• US-Kongress: Zerschlagung "bestimmter dominierender Plattformen" im Gespräch
    • ifo: Weltwirtschaft schrumpft um 4,4 %
    • Trump: Kein weiteres Konjunkturpaket vor der Wahl
    • Deutschland: Industrieproduktion enttäuscht im August
    • Corona: Nächster Trump-Berater infiziert
    • Lagarde: EZB zu weiteren Stimuli bereit
    • Pwc/UBS: Corona-Krise macht Super-Reiche noch reicher
    • Nawalny: "Schröder ist Laufbursche Putins"
    • Konsequenzen aus dem Wirecard-Skandal

    DAX & Wall Street

    • Der deutsche Aktienmarkt hat sich am Donnerstag per Schlusskurs kaum von der Stelle bewegt.

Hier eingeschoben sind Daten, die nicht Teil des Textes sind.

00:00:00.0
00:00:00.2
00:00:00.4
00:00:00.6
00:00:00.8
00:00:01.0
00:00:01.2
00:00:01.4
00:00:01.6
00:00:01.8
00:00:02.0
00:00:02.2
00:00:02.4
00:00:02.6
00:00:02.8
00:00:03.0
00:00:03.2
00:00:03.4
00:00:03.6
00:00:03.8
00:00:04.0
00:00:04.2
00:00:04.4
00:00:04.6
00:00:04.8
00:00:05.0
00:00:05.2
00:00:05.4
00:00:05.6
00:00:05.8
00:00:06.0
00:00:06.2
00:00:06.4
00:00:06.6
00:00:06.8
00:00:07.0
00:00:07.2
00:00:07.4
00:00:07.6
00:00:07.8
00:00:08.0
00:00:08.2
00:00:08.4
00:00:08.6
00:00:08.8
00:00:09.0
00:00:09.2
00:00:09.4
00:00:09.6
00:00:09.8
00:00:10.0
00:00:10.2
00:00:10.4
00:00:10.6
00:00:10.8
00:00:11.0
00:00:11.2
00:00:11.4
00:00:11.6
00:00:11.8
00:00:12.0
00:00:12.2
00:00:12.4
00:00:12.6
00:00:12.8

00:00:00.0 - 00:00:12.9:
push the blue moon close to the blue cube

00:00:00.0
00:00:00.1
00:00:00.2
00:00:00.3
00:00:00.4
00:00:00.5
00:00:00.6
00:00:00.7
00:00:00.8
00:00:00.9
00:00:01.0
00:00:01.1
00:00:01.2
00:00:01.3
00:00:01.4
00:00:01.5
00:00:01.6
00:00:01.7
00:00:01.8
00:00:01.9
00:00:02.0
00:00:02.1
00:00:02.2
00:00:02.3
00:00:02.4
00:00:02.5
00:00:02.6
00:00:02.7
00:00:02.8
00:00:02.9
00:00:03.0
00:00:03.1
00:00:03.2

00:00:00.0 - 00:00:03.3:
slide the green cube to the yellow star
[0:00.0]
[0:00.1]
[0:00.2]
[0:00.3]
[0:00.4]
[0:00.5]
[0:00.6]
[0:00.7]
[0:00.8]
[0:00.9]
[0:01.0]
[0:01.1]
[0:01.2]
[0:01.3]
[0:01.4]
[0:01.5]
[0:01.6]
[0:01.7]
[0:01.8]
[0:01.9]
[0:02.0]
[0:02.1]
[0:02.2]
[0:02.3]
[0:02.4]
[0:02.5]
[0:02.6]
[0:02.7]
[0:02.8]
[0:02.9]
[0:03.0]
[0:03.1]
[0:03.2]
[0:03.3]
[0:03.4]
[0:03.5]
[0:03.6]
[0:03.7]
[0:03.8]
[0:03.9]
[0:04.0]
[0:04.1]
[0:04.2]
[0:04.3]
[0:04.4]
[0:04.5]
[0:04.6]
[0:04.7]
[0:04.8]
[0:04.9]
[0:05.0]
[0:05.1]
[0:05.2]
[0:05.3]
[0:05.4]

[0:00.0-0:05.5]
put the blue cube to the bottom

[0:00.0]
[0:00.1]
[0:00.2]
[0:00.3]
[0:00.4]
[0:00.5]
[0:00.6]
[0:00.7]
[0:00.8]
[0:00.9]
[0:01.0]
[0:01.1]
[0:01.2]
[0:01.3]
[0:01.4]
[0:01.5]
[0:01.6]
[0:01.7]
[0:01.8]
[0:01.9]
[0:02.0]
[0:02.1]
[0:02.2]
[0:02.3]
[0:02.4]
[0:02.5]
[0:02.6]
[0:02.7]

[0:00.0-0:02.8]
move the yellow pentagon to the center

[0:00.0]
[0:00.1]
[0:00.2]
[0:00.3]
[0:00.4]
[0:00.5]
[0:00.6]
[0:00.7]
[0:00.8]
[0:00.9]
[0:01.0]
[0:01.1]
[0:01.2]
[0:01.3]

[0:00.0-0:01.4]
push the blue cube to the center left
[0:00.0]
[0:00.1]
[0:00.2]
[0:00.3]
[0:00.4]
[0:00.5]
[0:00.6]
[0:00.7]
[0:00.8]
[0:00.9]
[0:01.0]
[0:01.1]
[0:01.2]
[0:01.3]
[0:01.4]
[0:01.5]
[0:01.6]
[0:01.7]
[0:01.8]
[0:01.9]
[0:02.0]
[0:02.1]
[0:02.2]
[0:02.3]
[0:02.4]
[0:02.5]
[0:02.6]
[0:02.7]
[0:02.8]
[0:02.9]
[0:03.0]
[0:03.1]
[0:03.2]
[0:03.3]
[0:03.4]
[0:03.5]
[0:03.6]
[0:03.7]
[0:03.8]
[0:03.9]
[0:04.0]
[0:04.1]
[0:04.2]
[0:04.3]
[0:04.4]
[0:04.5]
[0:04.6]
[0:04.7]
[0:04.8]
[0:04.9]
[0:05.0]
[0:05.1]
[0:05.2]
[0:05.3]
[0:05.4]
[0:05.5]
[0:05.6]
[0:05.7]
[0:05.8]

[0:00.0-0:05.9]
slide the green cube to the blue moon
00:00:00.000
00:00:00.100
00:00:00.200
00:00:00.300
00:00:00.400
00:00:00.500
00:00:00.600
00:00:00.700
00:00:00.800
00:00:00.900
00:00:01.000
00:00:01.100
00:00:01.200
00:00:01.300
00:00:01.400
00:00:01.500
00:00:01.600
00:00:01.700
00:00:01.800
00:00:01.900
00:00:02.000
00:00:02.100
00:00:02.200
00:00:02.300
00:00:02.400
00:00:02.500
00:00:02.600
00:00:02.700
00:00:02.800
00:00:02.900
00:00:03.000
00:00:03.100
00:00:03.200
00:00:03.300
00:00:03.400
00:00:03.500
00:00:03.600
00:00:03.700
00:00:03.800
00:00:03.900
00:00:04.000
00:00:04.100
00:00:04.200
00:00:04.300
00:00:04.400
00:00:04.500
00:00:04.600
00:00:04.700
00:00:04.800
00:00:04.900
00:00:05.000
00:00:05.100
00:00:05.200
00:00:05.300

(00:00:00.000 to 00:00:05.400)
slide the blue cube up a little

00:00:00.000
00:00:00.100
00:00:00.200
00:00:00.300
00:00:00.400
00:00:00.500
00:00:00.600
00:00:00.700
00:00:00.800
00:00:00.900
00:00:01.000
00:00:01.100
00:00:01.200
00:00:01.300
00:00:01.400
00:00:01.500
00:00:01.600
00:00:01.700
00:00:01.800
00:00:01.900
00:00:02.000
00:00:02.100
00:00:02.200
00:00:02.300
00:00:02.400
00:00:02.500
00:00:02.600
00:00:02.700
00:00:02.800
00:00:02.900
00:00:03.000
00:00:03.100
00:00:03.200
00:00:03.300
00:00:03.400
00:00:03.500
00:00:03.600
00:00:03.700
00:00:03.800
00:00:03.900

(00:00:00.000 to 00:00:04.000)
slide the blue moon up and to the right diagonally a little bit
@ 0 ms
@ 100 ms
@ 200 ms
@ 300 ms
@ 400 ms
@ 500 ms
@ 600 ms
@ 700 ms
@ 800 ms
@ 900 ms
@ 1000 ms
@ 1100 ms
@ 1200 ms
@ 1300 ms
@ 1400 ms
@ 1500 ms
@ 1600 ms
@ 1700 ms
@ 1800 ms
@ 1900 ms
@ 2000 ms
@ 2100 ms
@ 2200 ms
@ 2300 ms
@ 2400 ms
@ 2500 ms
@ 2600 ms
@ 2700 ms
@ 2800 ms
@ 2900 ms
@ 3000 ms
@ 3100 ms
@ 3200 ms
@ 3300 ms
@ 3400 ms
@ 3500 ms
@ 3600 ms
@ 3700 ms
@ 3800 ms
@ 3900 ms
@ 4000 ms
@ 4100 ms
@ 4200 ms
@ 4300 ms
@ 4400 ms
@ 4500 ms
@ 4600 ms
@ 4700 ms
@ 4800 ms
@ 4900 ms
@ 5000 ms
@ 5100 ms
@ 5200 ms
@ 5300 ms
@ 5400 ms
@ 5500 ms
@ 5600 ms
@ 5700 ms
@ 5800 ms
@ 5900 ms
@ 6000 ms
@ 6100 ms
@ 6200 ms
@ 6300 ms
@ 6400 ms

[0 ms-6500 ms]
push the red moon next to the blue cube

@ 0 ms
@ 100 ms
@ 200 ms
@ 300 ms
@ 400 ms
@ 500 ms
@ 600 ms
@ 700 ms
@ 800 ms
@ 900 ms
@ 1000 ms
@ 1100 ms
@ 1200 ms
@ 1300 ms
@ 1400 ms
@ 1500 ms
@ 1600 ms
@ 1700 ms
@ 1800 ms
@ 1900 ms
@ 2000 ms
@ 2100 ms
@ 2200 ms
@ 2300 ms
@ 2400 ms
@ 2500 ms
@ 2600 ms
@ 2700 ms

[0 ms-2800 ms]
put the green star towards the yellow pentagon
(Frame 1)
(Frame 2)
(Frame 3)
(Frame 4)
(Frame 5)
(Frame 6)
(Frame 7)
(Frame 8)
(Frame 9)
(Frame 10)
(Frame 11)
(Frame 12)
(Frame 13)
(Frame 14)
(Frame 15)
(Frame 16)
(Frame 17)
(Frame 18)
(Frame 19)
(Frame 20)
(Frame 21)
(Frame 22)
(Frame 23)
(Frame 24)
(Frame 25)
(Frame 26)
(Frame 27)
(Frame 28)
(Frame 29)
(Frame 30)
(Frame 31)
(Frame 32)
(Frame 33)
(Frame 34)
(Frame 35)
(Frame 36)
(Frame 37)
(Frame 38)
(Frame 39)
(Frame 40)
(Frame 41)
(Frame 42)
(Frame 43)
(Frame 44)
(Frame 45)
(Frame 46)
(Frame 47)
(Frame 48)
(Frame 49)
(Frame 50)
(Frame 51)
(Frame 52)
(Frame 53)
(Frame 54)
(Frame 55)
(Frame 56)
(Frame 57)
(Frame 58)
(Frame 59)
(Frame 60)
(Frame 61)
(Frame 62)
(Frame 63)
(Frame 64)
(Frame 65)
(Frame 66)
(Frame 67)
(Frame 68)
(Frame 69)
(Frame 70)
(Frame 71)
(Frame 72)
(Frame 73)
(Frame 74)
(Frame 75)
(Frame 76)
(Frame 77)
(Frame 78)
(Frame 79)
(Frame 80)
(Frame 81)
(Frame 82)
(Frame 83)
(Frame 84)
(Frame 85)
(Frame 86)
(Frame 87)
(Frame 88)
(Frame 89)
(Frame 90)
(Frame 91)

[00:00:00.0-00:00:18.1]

Der DAX beendete den Xetra-Handel mit einem Plus von 0,17 Prozent bei 12.928,57 Punkten, nachdem das Börsenbarometer zeitweise aber bis auf 12.837 Punkte in die Tiefe gerutscht war. Das in den USA erhoffte große US-Konjunkturpaket wird nach der Ansage Donald Trumps auf die Zeit nach der Präsidentschaftswahl verschoben. Die Anleger hatten jedoch auf eine baldige erneute Hilfe gehofft, um die Wirtschaft weiter zu stützen. Analysten halten dies aber nur für einen taktischen Zug des US-Präsidenten. In der Vergangenheit hätte er solche Methoden schon öfter verwendet, um die Gegenseite zu entmutigen und so bessere Bedingungen für sich selbst herauszuschlagen. Das Hilfspaket könnte also noch kommen. Wohl auch deshalb wurde der Stopp der Verhandlungen am deutschen Aktienmarkt eher gelassen aufgenommen. Die heutigen Produktionsdaten aus der deutschen Industrie für August enttäuschten. Die Erholung nach dem coronabedingten Einbruch scheint ins Stocken geraten zu sein.
    • Die US-Indizes haben sich am Mittwoch von ihren Vortagesverlusten deutlich erholt. Der Dow Jones gewann 1,91 Prozent auf 28.303,46 Punkte, der S&P 500 verbesserte sich um 1,74 Prozent auf 3.419,45 Zähler und der Nasdaq 100 beendete den Tag mit plus 1,88 Prozent auf 11.503,19 Punkte.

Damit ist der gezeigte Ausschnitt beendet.